Gleeson also expressed concern with how the change from the previous status quo model was changed in a “bait and switch” to the current regionalized format in Jan. 2024. Thanks in part to community pushback, MAHC changed some parts of the proposal in April.
“We don’t regionalize our police,” he continued. “The police in Huntsville do the same job that the police in Bracebridge do. We don’t regionalize our fire departments where some fire departments up here do some of the jobs and some of the departments down there do a different job. We’re in that same sort of field.”
Dr. Helen Dempster, vice president of the CSA, noted she’s a physician based in north Muskoka, adding how she’s feeling “conflicted” about the ongoing discourse about MAHC’s proposal.

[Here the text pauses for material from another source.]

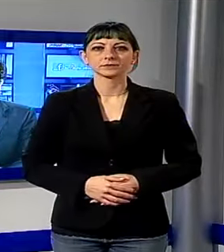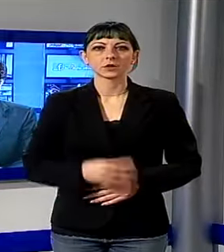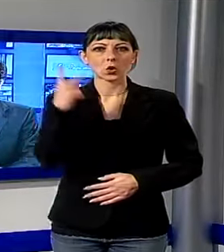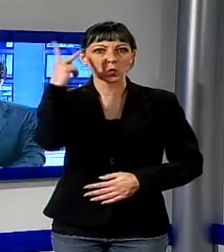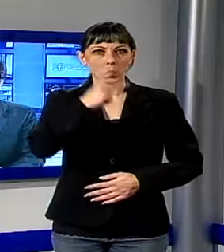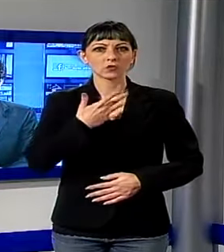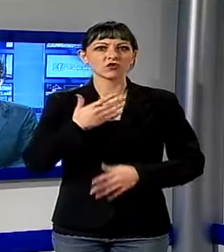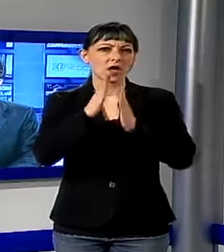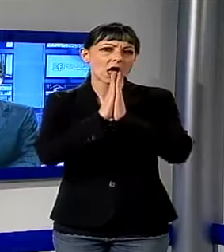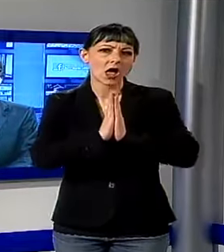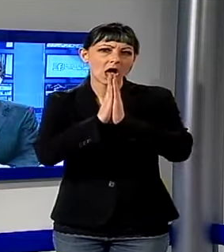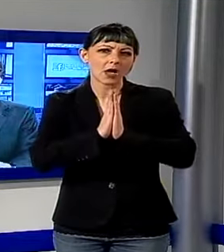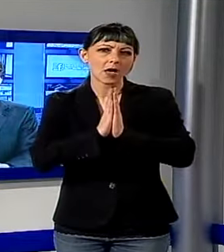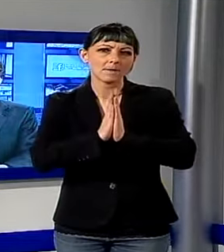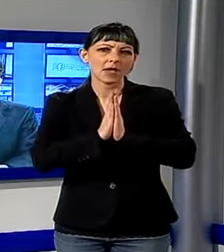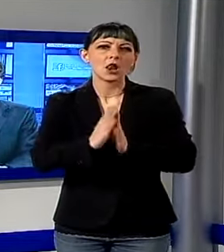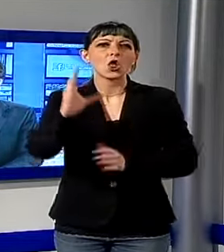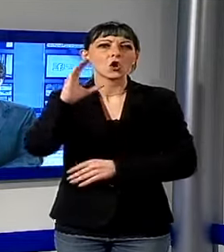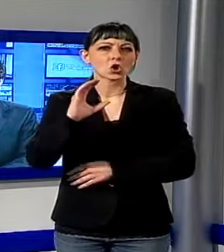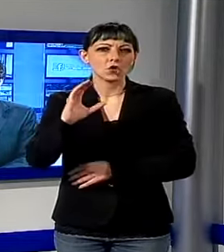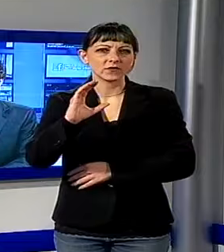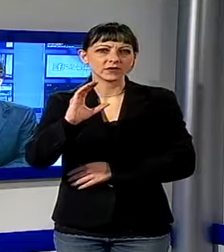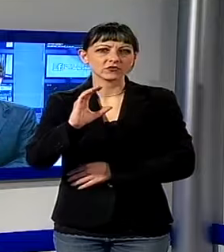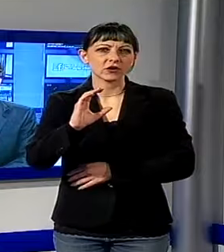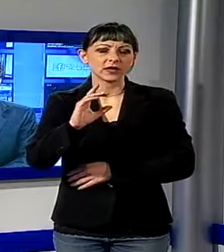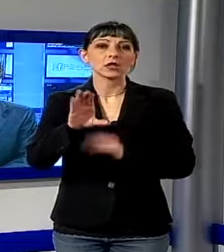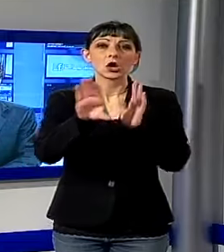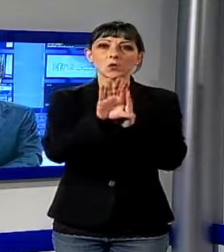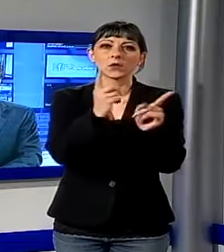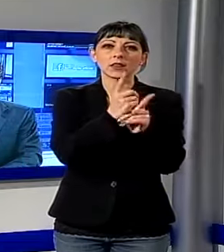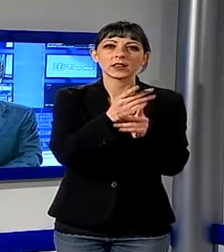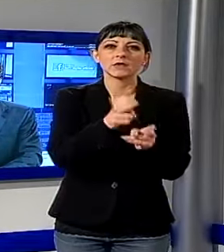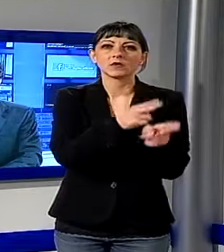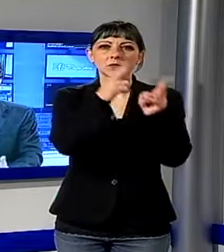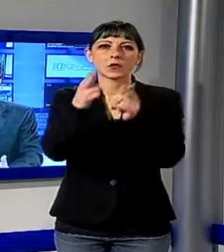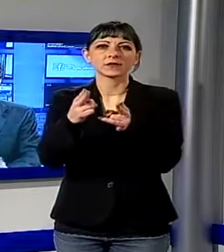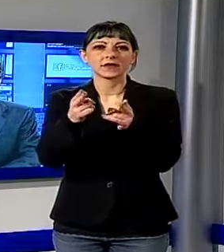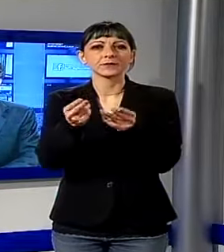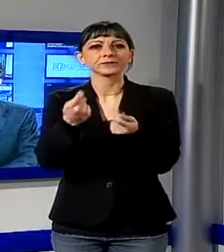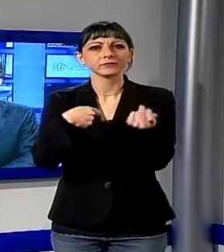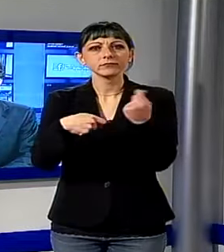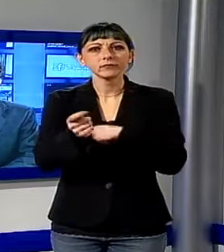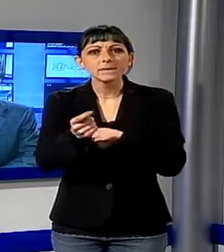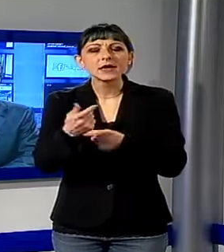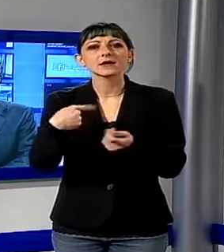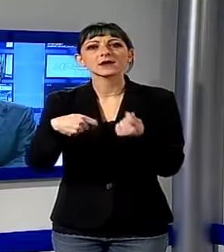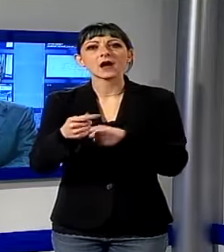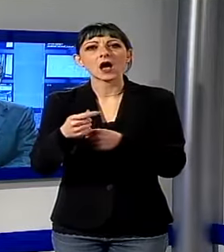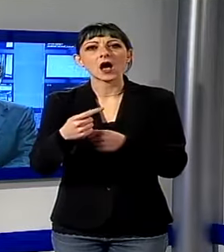della Confesiercenti al comune per spostare il mercato ambulante che una volta si trovava in piazza San Michele

“I have had some concerns about the proposal but, on balance, I feel we need to move forward,” she said.
Dempster complimented Smith for detailing in his report some of the issues brought up during the ongoing consultation process.
In the report, Smith outlines some of the feedback MAHC heard during the multiple rounds of community consultation, including the distribution of beds and services, physician recruitment and retention, strengthening community partnerships, transparency in the data used to make certain decisions, and the division in the community, including opposition from some physicians, “particularly in Bracebridge.”
Schouten rhetorically asked what is enough for the physicians still against the proposal. He suggested the government won’t be keen to see duplication of services, adding how no alternative has been presented that “fits in the envelope or even gets close to the envelope.”
A large group of physicians based in south Muskoka released the “Care Close to Home” proposal in Feb. 2024, but Smith wrote in his report it was more than 70 percent over the project’s nearly $1 billion budget.
Dave Uffelmann, board chair for MAHC’s board of directors, pointed out how the physicians that disagree with the proposal as it stands make up about 17 percent of the CSA. However, he added “engagement must continue.”
An open letter from Parry Sound-Muskoka MPP Graydon Smith on Tuesday urged MAHC to “draw a breath” and work on rebuilding trust in the community, which he suggested has been lost.
The day after the meeting, he emailed a new statement to the MyMuskokaNow.com newsroom.
“It was, and is my belief, that this motion undermined and eroded trust in MAHC’s ability to take the feedback it received and put it to good use,” he said. “I am disappointed to see that MAHC proceeded to pass the motion, albeit with an added component to establish a working group tasked with addressing concerns over bed and transportation issues. The proof is in the pudding. MAHC must now prove they’re truly listening to the concerns of the entire area they serve.”
Mayor of Bracebridge Rick Maloney also posted a statement on Tuesday on his Facebook page.
“I have lost trust in MHAC’s process,” he wrote. “I am concerned that this board is unable to deliver a model that has the fundamental endorsement of key stakeholders including our doctors. Any model that lacks doctor support does not have my support.”
Marni Dicker, chair for MAHC’s Governance Committee, said moving forward with the working group idea is important, agreeing with Smith and Maloney that there are a lot of people in the community who don’t trust MAHC.
“But if we could show that we are interested, we do want to do work together, we do want to create the greatest healthcare system possible,” he continued. “I think we have to rebuild some trust first and after we’ve rebuilt that trust maybe inside those working groups, we can accomplish things.”
In the Wednesday morning media release, Bobbie Clark, director of communications and stakeholder relations for MAHC, said the ongoing consultations with residents will continue.
“MAHC remains steadfast in enhancing local healthcare services, securing a brighter, healthier future for all residents,” she finished.